I had a '99 Javelin for over 8 years with a 175 Ficht on it.  Bought it new just before the holidays in '98.
There was a recall on the Fichts, which was basically almost a top end rebuild.  Not many got their motors in for it before the bankruptcy, but I did as I had a buddy at the boat dealership, called me and got me in right away as soon as the parts were made available.
You can tell it it was retrofitted by a tag affixed to the inside under the cowl, basically to let anyone working on it know that it had many new/different parts.  I think on the tag it said something like "Ram fuel injection upgrade".
I had my boat/motor until the fall of '07 and never had any issue whatsoever.  Always started, ran quiet and sipped gas.  Probably used about 60% of the gas my previous 140 HP Johnson did.
IMO, if you can find one for a good price that made it in under the recall and was retrofitted, you'll be fine.  If there is no evidence of this work being done, then I'd leave it alone...


----------



## Gotfive (Nov 30, 2009)

hammerz71 said:


> I had a '99 Javelin for over 8 years with a 175 Ficht on it.  Bought it new just before the holidays in '98.
> There was a recall on the Fichts, which was basically almost a top end rebuild.  Not many got their motors in for it before the bankruptcy, but I did as I had a buddy at the boat dealership, called me and got me in right away as soon as the parts were made available.
> You can tell it it was retrofitted by a tag affixed to the inside under the cowl, basically to let anyone working on it know that it had many new/different parts.  I think on the tag it said something like "Ram fuel injection upgrade".
> I had my boat/motor until the fall of '07 and never had any issue whatsoever.  Always started, ran quiet and sipped gas.  Probably used about 60% of the gas my previous 140 HP Johnson did.
> IMO, if you can find one for a good price that made it in under the recall and was retrofitted, you'll be fine.  If there is no evidence of this work being done, then I'd leave it alone...

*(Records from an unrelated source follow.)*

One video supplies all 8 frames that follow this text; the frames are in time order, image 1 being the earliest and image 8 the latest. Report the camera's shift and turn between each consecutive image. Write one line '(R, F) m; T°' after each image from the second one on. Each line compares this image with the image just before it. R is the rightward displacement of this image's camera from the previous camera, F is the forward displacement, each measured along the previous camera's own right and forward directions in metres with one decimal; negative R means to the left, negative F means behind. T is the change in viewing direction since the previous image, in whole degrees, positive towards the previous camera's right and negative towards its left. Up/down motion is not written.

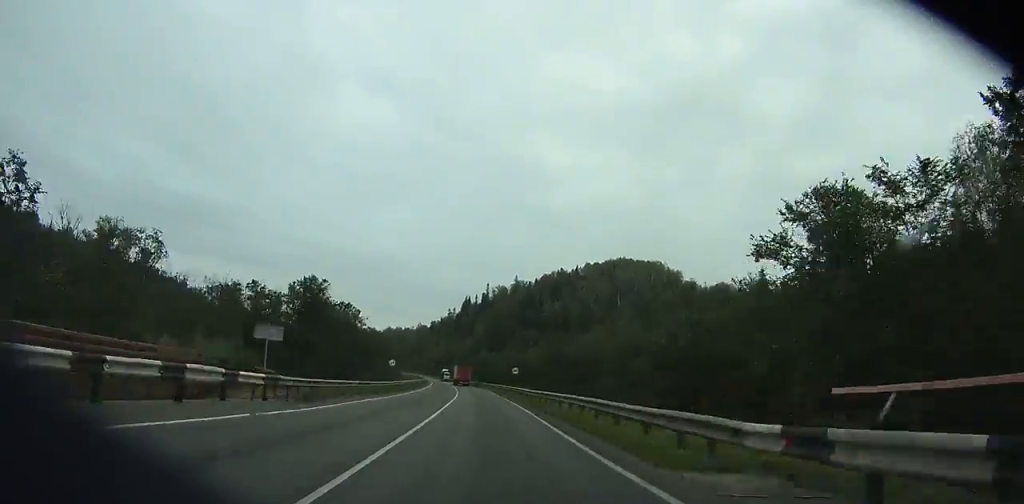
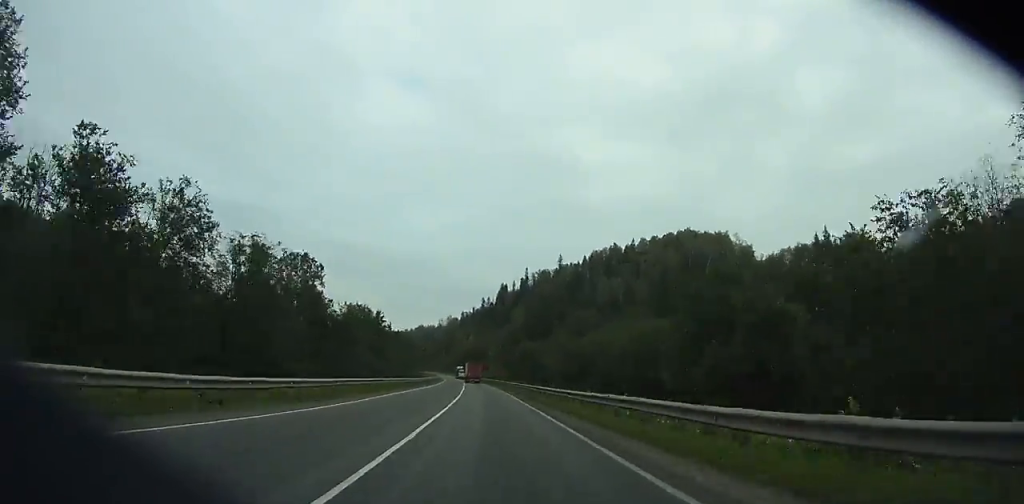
(-1.9, +64.2) m; -3°
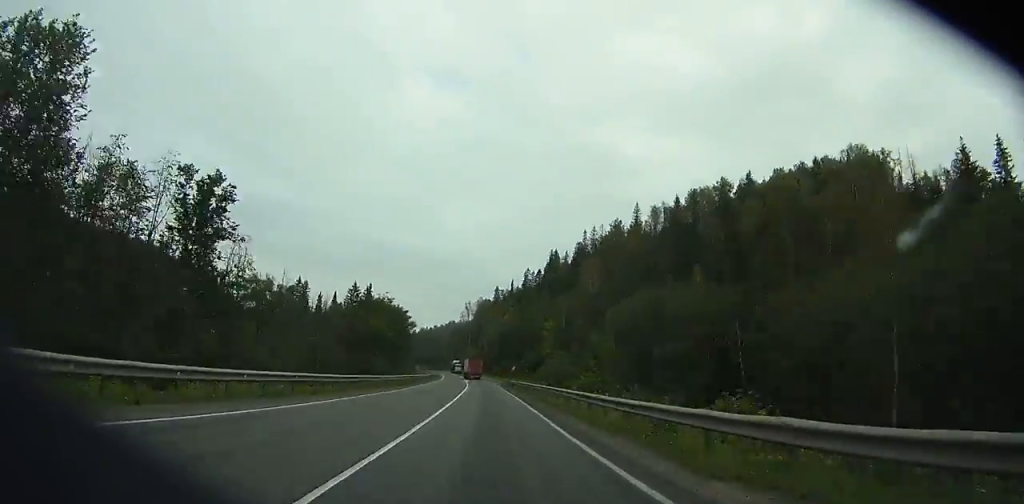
(-2.4, +111.4) m; -3°
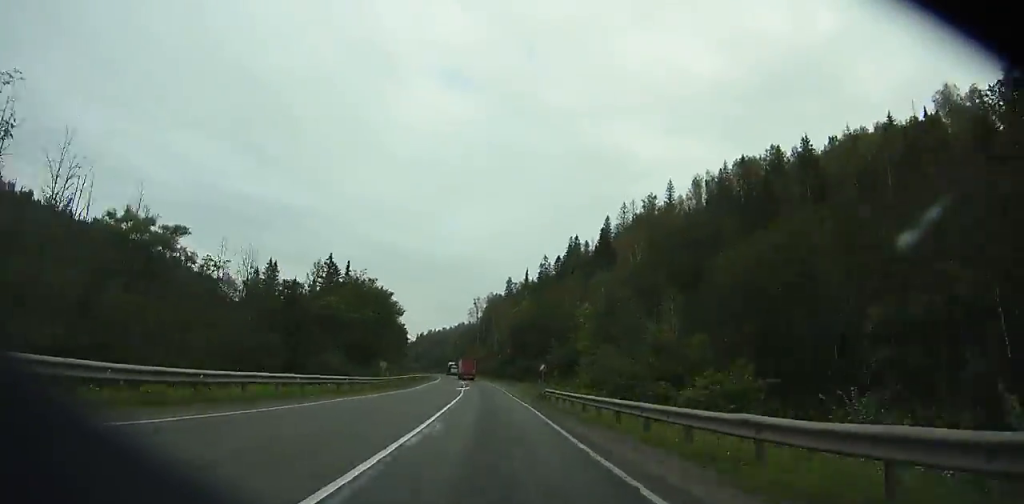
(-1.0, +34.4) m; -1°
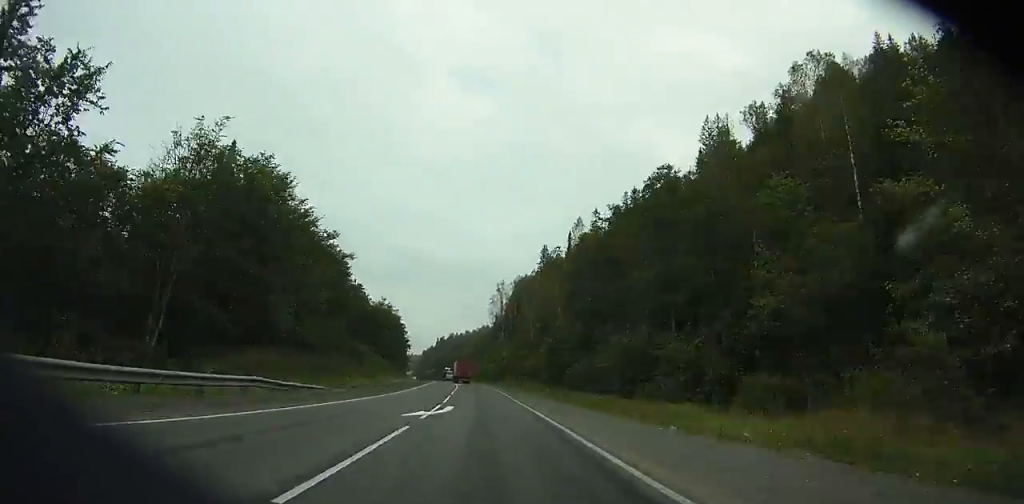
(-1.6, +63.9) m; -3°
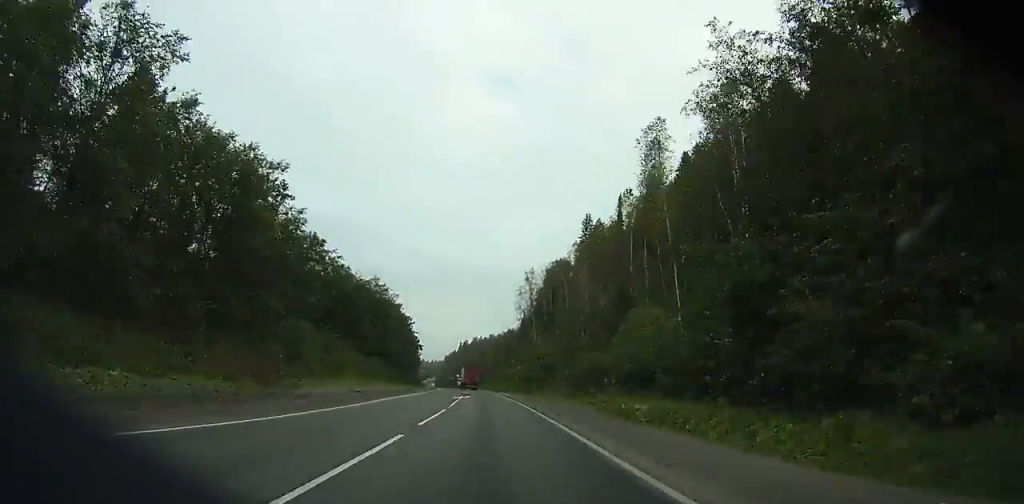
(-0.1, +36.8) m; -2°
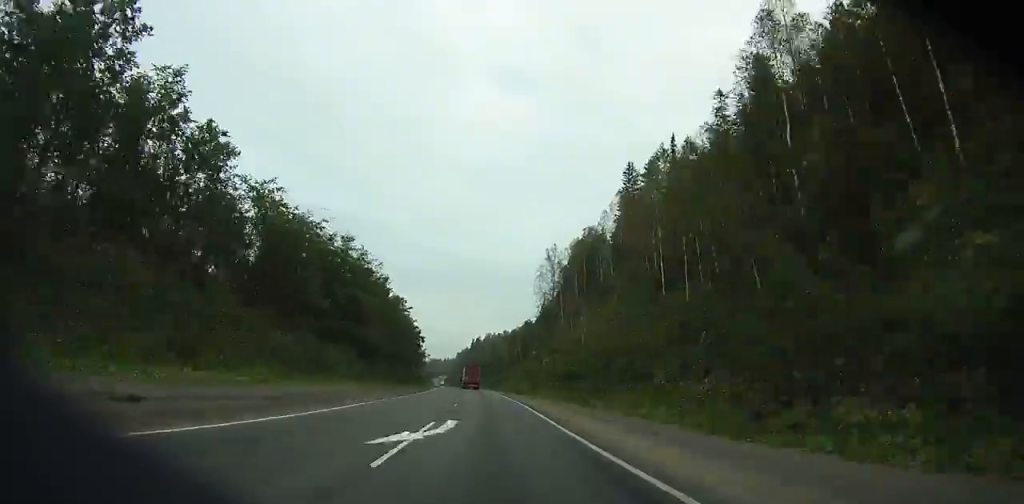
(-0.6, +31.6) m; -1°
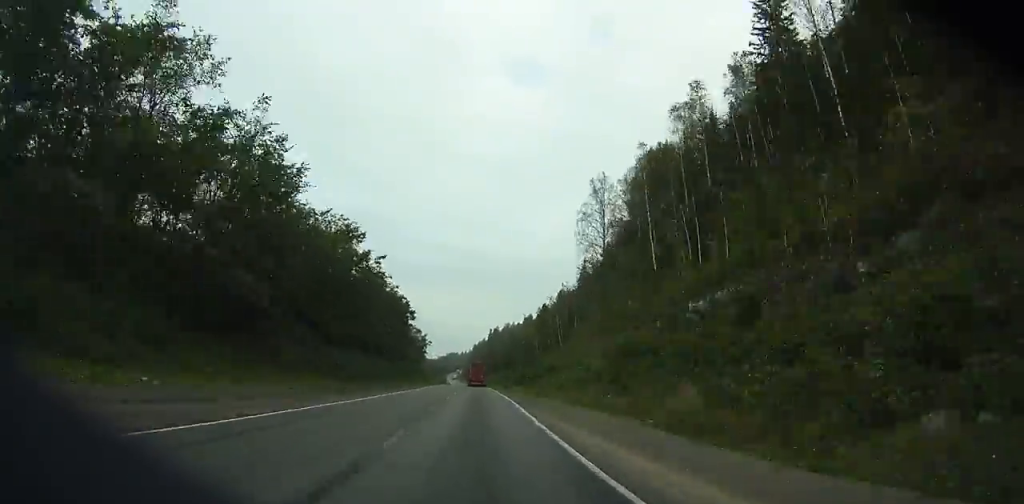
(-0.8, +53.2) m; -2°

I bought a new 98 Stratos with a 175 Ficht and took it back for the recall. I ran it for 10 years before it blew with nearly 800 hours. I can't say a bad word about it. I think you should check and see if it has had the modifications before you buy it. My guess if it has lasted this long, it has.


----------



## Doyle (Nov 30, 2009)

The bad Ficht years where when OMC was just about bankrupt and for the first year that Bombardier had them.  In fact, it was the bad Fichts that cemented OMC's demise.   After that, Bombardier got the production standards up and they have been much more reliable.


----------